Be interesting to see how this goes.

michael


----------



## howardyudoing (Mar 31, 2010)

Andreu Lecondeguy is riding one at rampage.


----------



## Stu McGroo (Feb 26, 2011)

ianjenn said:


> The latest DIRT reviews it says it's one of the best DH sleds out there no matter what price point!


They actually say it is THE best DH bike currently available which is very good for YT but pretty damning for the other manufacturers who charge considerably more, which is putting it mildly in some cases for what by definition are inferior offerings!


----------



## rugbyred (Aug 31, 2006)

Tues Downhill Aktion 2012 -2013XXXX

Amazing deal. Not sure if they deliver to Canada.

Eric


----------



## Skeptastic (Mar 31, 2012)

Getting to be pretty hard to ignore this company's bikes, period. I'm in the US, so warranty and shipping back and forth are things of concern. But man....the price points are insane. Their leverage ratio curve graphs look amazing, and they seem to get solid reviews, albeit few. I'm thinking that if I may eventually get something that they offer, but just have to hope cost stays as low as it currently is, over time. Direct sales is wild!


----------



## aedubber (Apr 17, 2011)

Damn thats a GREAT price for the build .. Wow.. comes out to 3800 in USD . Glad to see a company keeping realistic prices , maybe a wake up call for the big names out there charging 6-8K for a DH rig. Just sayin


----------



## 8664 (Oct 17, 2005)

you can order worldwide on 12.12.12. !


----------



## Mo(n)arch (Dec 21, 2009)

8664 said:


> you can order worldwide on 12.12.12. !


Last year they sold over 500 bikes in just one day. It's going to go through the roof, if you can order worldwide I think...


----------



## zaner (Oct 15, 2012)

$3800! amazing price for a build with a bos shocks and bos forks. Seriously tempted... Im in the market for a new dh bike. 

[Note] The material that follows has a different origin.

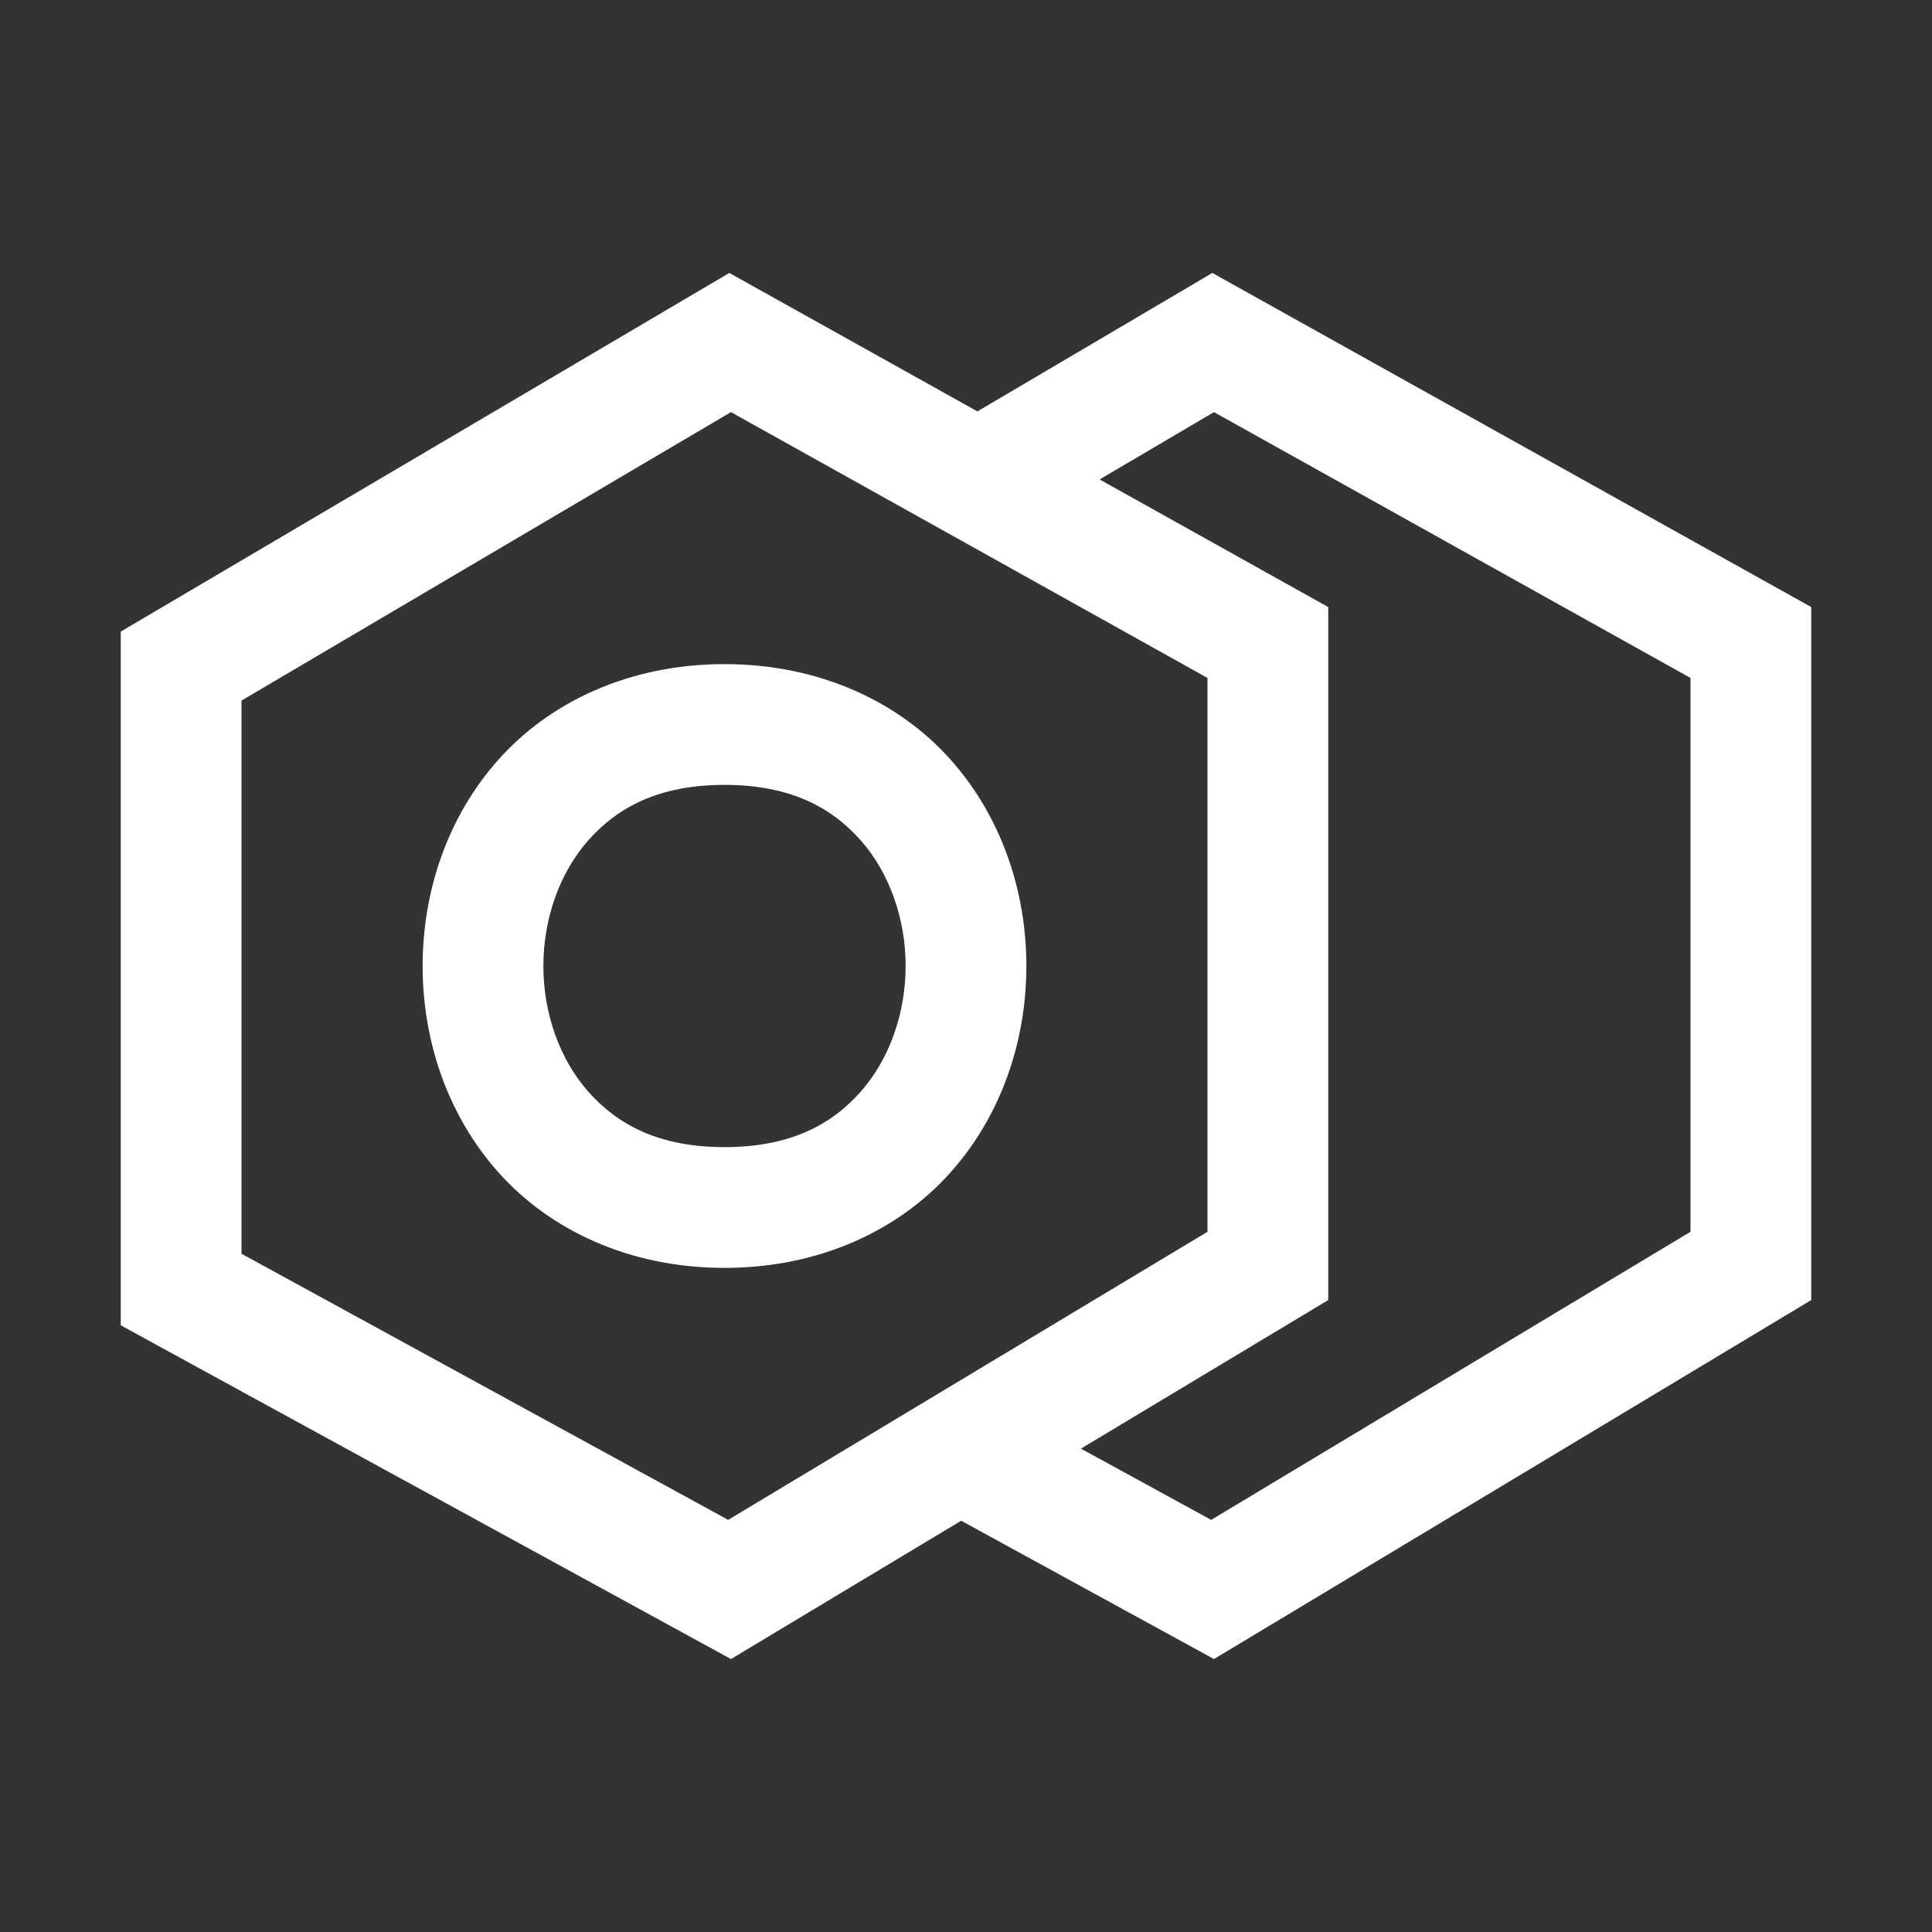 <svg fill="#FFFFFF" xmlns="http://www.w3.org/2000/svg" viewBox="0 0 32 32" width="32px" height="32px"><rect x="0" y="0" width="32" height="32" fill="#333333" stroke="none"/><path d="M 12.08 4.521 L 2 10.461 L 2 21.951 L 2.52 22.236 L 12.107 27.479 L 15.92 25.188 L 20.107 27.479 L 30 21.533 L 30 10.055 L 20.08 4.521 L 16.189 6.814 L 12.08 4.521 z M 12.107 6.826 L 20 11.229 L 20 20.402 L 12.061 25.174 L 4 20.766 L 4 11.604 L 12.107 6.826 z M 20.107 6.826 L 28 11.229 L 28 20.402 L 20.061 25.174 L 17.904 23.994 L 22 21.533 L 22 10.055 L 18.213 7.941 L 20.107 6.826 z M 12 11 C 10.417 11 9.102 11.63 8.252 12.586 C 7.402 13.542 7 14.778 7 16 C 7 17.222 7.402 18.458 8.252 19.414 C 9.102 20.37 10.417 21 12 21 C 13.583 21 14.898 20.37 15.748 19.414 C 16.598 18.458 17 17.222 17 16 C 17 14.778 16.598 13.542 15.748 12.586 C 14.898 11.63 13.583 11 12 11 z M 12 13 C 13.083 13 13.769 13.37 14.252 13.914 C 14.735 14.458 15 15.222 15 16 C 15 16.778 14.735 17.542 14.252 18.086 C 13.769 18.63 13.083 19 12 19 C 10.917 19 10.231 18.63 9.748 18.086 C 9.265 17.542 9 16.778 9 16 C 9 15.222 9.265 14.458 9.748 13.914 C 10.231 13.37 10.917 13 12 13 z"/></svg>
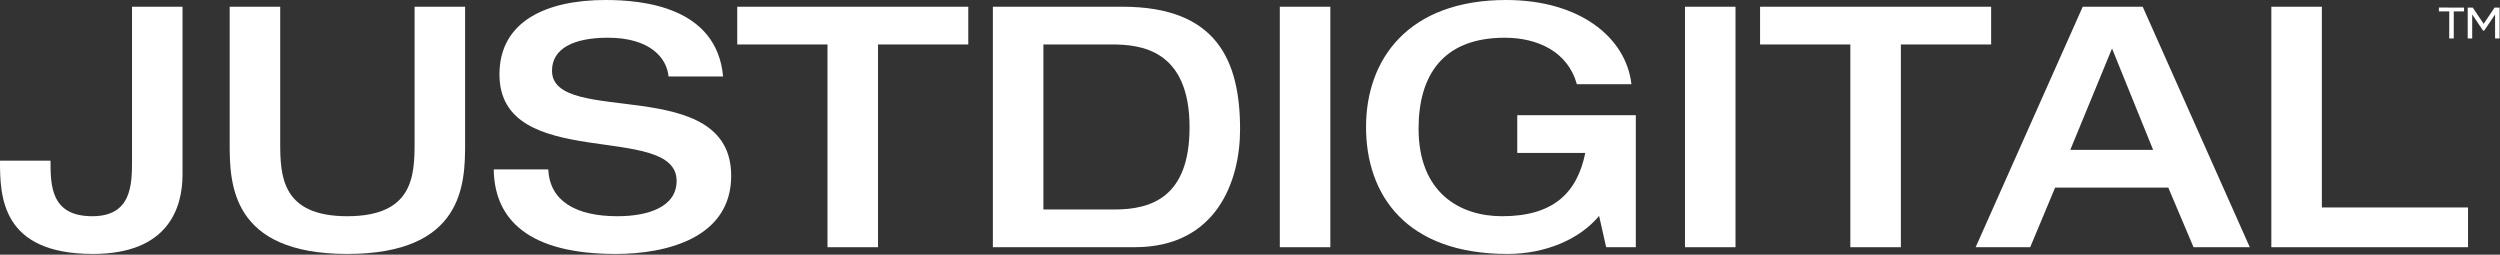 <?xml version="1.0" encoding="UTF-8" standalone="no"?><!DOCTYPE svg PUBLIC "-//W3C//DTD SVG 1.1//EN" "http://www.w3.org/Graphics/SVG/1.1/DTD/svg11.dtd"><svg width="100%" height="100%" viewBox="0 0 1021 104" version="1.1" xmlns="http://www.w3.org/2000/svg" xmlns:xlink="http://www.w3.org/1999/xlink" xml:space="preserve" xmlns:serif="http://www.serif.com/" style="fill-rule:evenodd;clip-rule:evenodd;stroke-linejoin:round;stroke-miterlimit:2;"><rect x="0" y="0" width="1021" height="104" fill="#333333" stroke="none"/><g><path d="M1020.83,3.101l-0,12.621l-1.838,-0l0,-9.817l-4.437,6.604l-0.467,0l-0.067,-0.1l-4.375,-6.504l0,9.817l-1.833,-0l0,-12.621l2.063,-0l4.45,6.633l4.454,-6.633l2.05,-0Z" style="fill:#fff;fill-rule:nonzero;"/><path d="M996.051,3.086l10.271,0.013l0,1.562l-4.208,0l-0,11.059l-1.85,-0l0.016,-11.059l-4.229,0l0,-1.575Z" style="fill:#fff;fill-rule:nonzero;"/><path d="M53.917,2.751l20.629,-0l-0,68.5c-0,13.754 -5.913,32.458 -36.588,32.458c-37.55,0 -37.958,-23.654 -37.958,-38.1l20.629,0c0,10.179 0.138,22.696 17.054,22.696c16.096,-0 16.234,-12.929 16.234,-22.833l-0,-62.721Z" style="fill:#fff;fill-rule:nonzero;"/><path d="M93.801,2.751l20.634,-0l-0,55.433c-0,13.617 0.55,30.121 27.37,30.121c26.963,-0 27.513,-16.504 27.513,-30.121l-0,-55.433l20.629,-0l0,55.983c0,16.229 -0.55,44.975 -48.142,44.975c-47.45,0 -48.004,-28.746 -48.004,-44.975l0,-55.983Z" style="fill:#fff;fill-rule:nonzero;"/><path d="M247.309,0c15.129,0 45.391,2.75 48.004,31.225l-22.283,0c-0.688,-7.567 -7.567,-15.821 -24.763,-15.821c-13.75,0 -22.829,4.267 -22.829,13.484c-0,23.108 73.175,0.962 73.175,42.912c-0,25.308 -26.271,31.913 -47.179,31.913c-35.35,-0 -49.521,-13.892 -49.792,-34.525l22.283,-0c0.55,12.929 11.28,19.116 28.196,19.116c12.517,0 24.209,-3.712 24.209,-14.437c-0,-24.35 -72.35,-3.167 -72.35,-43.471c-0,-21.867 19.395,-30.396 43.329,-30.396" style="fill:#fff;fill-rule:nonzero;"/><path d="M337.95,18.156l-36.862,-0l-0,-15.404l94.358,-0l-0,15.404l-36.863,-0l0,82.804l-20.633,-0l0,-82.804Z" style="fill:#fff;fill-rule:nonzero;"/><path d="M426.117,85.555l29.025,-0c14.854,-0 30.671,-4.813 30.671,-33.563c-0,-31.908 -20.217,-33.837 -31.771,-33.837l-27.925,-0l0,67.4Zm-20.629,-82.804l52.954,-0c38.513,-0 48.004,22.008 48.004,50.066c0,21.184 -9.625,48.142 -43.054,48.142l-57.904,0l-0,-98.208Z" style="fill:#fff;fill-rule:nonzero;"/><rect x="522.675" y="2.752" width="20.633" height="98.208" style="fill:#fff;"/><path d="M668.065,100.96l-12.105,0l-2.891,-12.791c-7.975,9.629 -22.004,15.541 -37.409,15.541c-41.541,0 -57.77,-24.208 -57.77,-51.854c-0,-27.646 17.191,-51.854 57.216,-51.854c29.85,0 48.971,15.129 51.167,34.383l-22.279,0c-3.713,-13.341 -16.096,-18.979 -29.438,-18.979c-25.446,0 -35.212,15.542 -35.212,37.138c-0,26.133 16.779,35.762 34.116,35.762c21.042,0 30.671,-9.629 33.971,-25.858l-27.783,-0l-0,-15.404l48.417,-0l-0,53.916Z" style="fill:#fff;fill-rule:nonzero;"/><rect x="688.146" y="2.752" width="20.633" height="98.208" style="fill:#fff;"/><path d="M755.683,18.156l-36.867,-0l-0,-15.404l94.362,-0l0,15.404l-36.866,-0l-0,82.804l-20.629,-0l-0,-82.804Z" style="fill:#fff;fill-rule:nonzero;"/><path d="M879.34,61.208l-16.783,-41.4l-17.054,41.4l33.837,0Zm-28.75,-58.458l24.488,0l43.737,98.213l-22.971,-0.001l-10.316,-24.345l-46.213,-0l-10.183,24.346l-22.279,-0.001l43.737,-98.212Z" style="fill:#fff;fill-rule:nonzero;"/><path d="M927.615,2.751l20.633,-0l-0,81.979l59.696,-0l-0,16.229l-80.329,0l-0,-98.208Z" style="fill:#fff;fill-rule:nonzero;"/></g></svg>

Would getting the shocks/forks serviced here in Cali be an issue?


----------



## daisycutter (Sep 18, 2005)

zaner said:


> $3800! amazing price for a build with a bos shocks and bos forks. Seriously tempted... Im in the market for a new dh bike.
> 
> Would getting the shocks/forks serviced here in Cali be an issue?


Looks like its rockshox for 2013 still a good deal biut not quite as good.


----------



## rugbyred (Aug 31, 2006)

daisycutter,
I think you must be looking at the regular Tues 2.0. The limited edition Tues comes with the Bos suspension, e13 wheels and a whole host of other upgrades.

Eric


----------



## recitio (Dec 22, 2011)

stu mcgroo said:


> they actually say it is the best dh bike currently available which is very good for yt but *pretty damning of dirt magazine!*


FTFY

Looks like a pretty good deal. Mixed mid-high end build for mid-mid price, saving the purchaser the trouble of scrounging for parts and getting everything together on their own.

About $2k less than a solid high-high end build using a proven frame.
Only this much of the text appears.